How come when I duckduckgo “what time is it”, that sometimes my actual time shows up instead of a random time? With boot clock randomization and sdwdate saying successful, shouldn’t it always be a random time?
Sometimes when I start a whonix-ws vm it will be a random time, but other instances it will be my actual timezone.
How come when I duckduckgo “what time is it”, that sometimes my actual time shows up instead of a random time?
the last hop is probably on the same timezone as you, see circuit path on Tor Browser.
Checking the time is not a reliable option because many people can be on the same timezone, but few people can be on the same ip. Check your IP on https://check.torproject.org/api/ip
With boot clock randomization and sdwdate saying successful, shouldn’t it always be a random time?
Boot clock randomization is only for the boot, to change between and and 180 seconds Boot Clock Randomization - Kicksecure . It is run during boot, before sdwdate starts.
With boot clock randomization and sdwdate saying successful, shouldn’t it always be a random time?
In sdwdate clock randomization was enabled by default for many versions. From sdwdate version 11.8 and above it needs to be opt-in, which is only done inside Kicksecure ™ through package anon-apps-config/etc/sdwdate.d/40_anon-apps-config.confRANDOMIZE_TIME=true. sdwdate version 11.8 does not enable clock randomization by default for non-Kicksecure ™ users.
Sdwdate is used to set the system clock, the randomization is used to ask the pools available via onion services and the median time of the results is used, as far as I understood from the docs.
At random intervals, sdwdate connects to a variety of webservers and extracts the time stamps from http headers (see: RFC 2616).
## Add or subtract a random amount of nanoseconds (up to 1 second) when setting
## the time.
## Whonix enables this by default in package anon-apps-config.
#RANDOMIZE_TIME=true
I’m using qubes-whonix, but that conf file doesn’t exist for me. Is it still opt-in or is it enabled by default?

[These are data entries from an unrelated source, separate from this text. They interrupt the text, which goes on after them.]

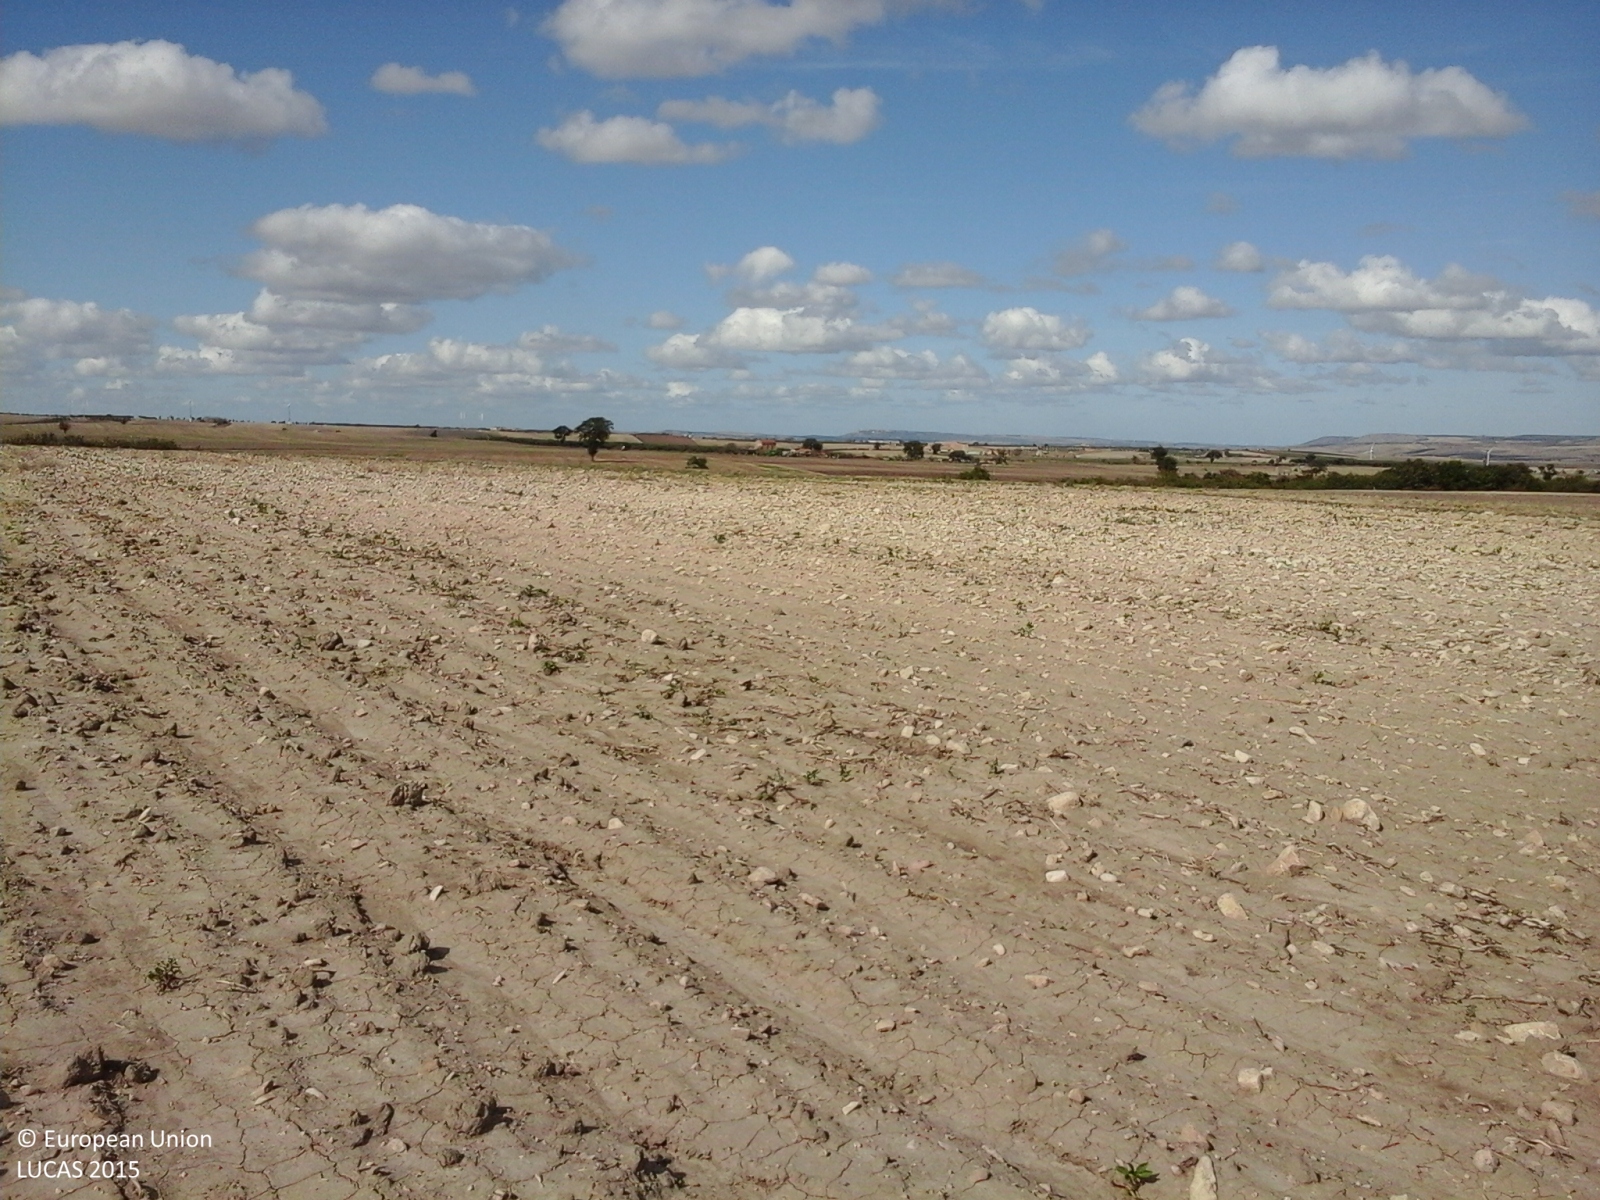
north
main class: Cropland
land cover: Dry pulses
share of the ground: > 75 %
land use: Agriculture (excluding fallow land and kitchen gardens)
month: September
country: IT
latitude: 41.5984
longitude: 15.1780

I guess I’m a little confused on why if sdwdate makes the time from the median of three onion services, that when I google what time it is, how could it be my real time?
Is it not reading my system clock and instead just checking timezone from the ip address?
Because the actual time displayed on my computer doesn’t change after sdwdate runs. Am I supposed to set clockVM to sys-whonix instead of sys-net?
I guess I’m a little confused on why if sdwdate makes the time from the median of three onion services, that when I google what time it is, how could it be my real time?
Thanks for all this info, I was checking the conf file in dom0.
in /etc/sdwdate.d/30_default.conf in a whonix-ws vm, RANDOMIZE_TIME=true is commented out.
But in etc/sdwdate.d/40_anon-apps-config.conf it is active.
Is that an issue?
My expected result when searching “what time is it” in a whonix-ws vm is that the random time sdwdate sets is what would show up (the median of 3 random onions), instead it is occasionally my actual time.
Also, when I run date in my whonix-ws vm terminal, it is a different time than when I search “what time is it” in my browser.
Is this because searching in the browser just gives the time zone of the last hop? Whereas date gives me the time sdwdate has set in my system clock?